Saturday's New York Times ran this article about how the phenomenon of over-involved, over-protective parents has spilled over from schools into summer camps. The article focuses on how camps have been forced to hire full time parent liaisons to deal with the constant meddling of parents who are freaked out that their kids are eating too much/too little, not putting on enough sun screen, not making enough friends, or are simply not happy enough. For me, the most telling/depressing/amusing bit was about the parents who send their kids off to the woods with two cell phones, so that if the first one is found and confiscated, the kid will have a second phone hidden away and can still be reached. When the parents start conspiring with their kids to break the rules, camps (and schools, too) are in big trouble.
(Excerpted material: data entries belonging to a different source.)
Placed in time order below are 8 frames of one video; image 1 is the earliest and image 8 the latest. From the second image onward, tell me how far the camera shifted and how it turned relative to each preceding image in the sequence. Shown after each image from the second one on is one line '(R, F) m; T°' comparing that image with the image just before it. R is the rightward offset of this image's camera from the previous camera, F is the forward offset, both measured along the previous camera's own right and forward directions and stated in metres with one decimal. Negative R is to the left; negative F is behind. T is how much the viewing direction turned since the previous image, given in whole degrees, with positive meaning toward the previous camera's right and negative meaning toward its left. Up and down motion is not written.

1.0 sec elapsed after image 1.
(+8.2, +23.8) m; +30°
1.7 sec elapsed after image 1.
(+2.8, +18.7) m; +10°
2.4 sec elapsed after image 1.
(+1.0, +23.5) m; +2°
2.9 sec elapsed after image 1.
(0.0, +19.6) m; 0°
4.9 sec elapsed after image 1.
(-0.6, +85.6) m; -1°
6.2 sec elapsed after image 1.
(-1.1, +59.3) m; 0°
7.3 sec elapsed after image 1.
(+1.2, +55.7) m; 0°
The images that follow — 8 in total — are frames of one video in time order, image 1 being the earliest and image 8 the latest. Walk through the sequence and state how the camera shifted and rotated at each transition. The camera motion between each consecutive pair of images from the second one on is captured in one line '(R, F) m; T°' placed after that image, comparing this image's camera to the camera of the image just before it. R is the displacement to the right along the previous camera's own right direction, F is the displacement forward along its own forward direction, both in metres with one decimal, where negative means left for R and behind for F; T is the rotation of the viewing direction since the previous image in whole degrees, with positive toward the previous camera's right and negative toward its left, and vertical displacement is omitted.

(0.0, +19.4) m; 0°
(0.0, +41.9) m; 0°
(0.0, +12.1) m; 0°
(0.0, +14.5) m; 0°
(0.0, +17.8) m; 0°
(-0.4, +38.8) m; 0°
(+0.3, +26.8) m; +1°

My job this summer was at a day camp, so the parental separation anxiety was not so much of an issue, but this didn't mean we avoided problems with over-involved parents. Take, for example, one little boy we will call Stephen. Stephen is one of those kids for whom ever little thing is a big deal. Stephen averaged at least one visit per day to the nurses office, almost always to show her (as if it had just been sustained) a cut or a bruise that was clearly many days old. This reached its most worrisome point when mom sent a vaguely threatening email asking why her son was coming home from camp every day with so many scratches and bruises.

On Friday, I was walking down the hall past the boys bathroom when the door opened a crack, and Stephen peeked out asking for help. I entered the bathroom to find Stephen entangled in a white dress shirt that, in his efforts to put it on, had become more like a straight jacket. That afternoon was the final performance for his week-long musical theater class, and he had spent the last ten minutes struggling to change into the black and white clothes he needed for the performance. I helped him untangle himself and get his arms through the appropriate sleeves, asked him if he could manage his pants by himself, and went back out into the hall. Five minutes later, Stephen was back at the door in his white shirt and underwear needing more help. His black pants were a couple of inches too long in the leg, not too mention too big at the waist, and he was completely baffled by this problem. I went back in, got him into his pants, rolled up the legs so that his feet were showing at the bottom, watched him struggle into his shoes, and sent him on his way, only fifteen minutes late to class.

An hour later, I went in to watch the performance of Stephen's class. They did adorable renditions of "I Just Can't Wait to be King" from The Lion King and "It's a Hard Knock Life" from Annie. There were many born performers in the class, but Stephen was not one of them. He spent most of the performance with his hands thrust deeply into the pockets of his over-sized pants, clearly trying as hard as he could to blend into the crowd.

Now, all of this would simply be a cute story about a shy and slightly immature kid who needed some work on confidence and self-reliance, but then mom showed up. First of all, let's point out that mom showed up at 2:00 for a 1:45 performance, which meant she arrived just in time to get stuck at the back of the 2:00 carpool line. Eventually she made her way in, picked up her son, and started walking with him back to her car. On their way to the car, Stephen apparently told his mom that all the kids had been laughing at him during the performance. It's important to know that there were no kids in the audience, only parents. All the kids in the room were much more focused on dancing and singing than on laughing at one of their classmates. That Stephen was embarrassed on stage was true, but had nothing to do with the reactions of anyone in the room.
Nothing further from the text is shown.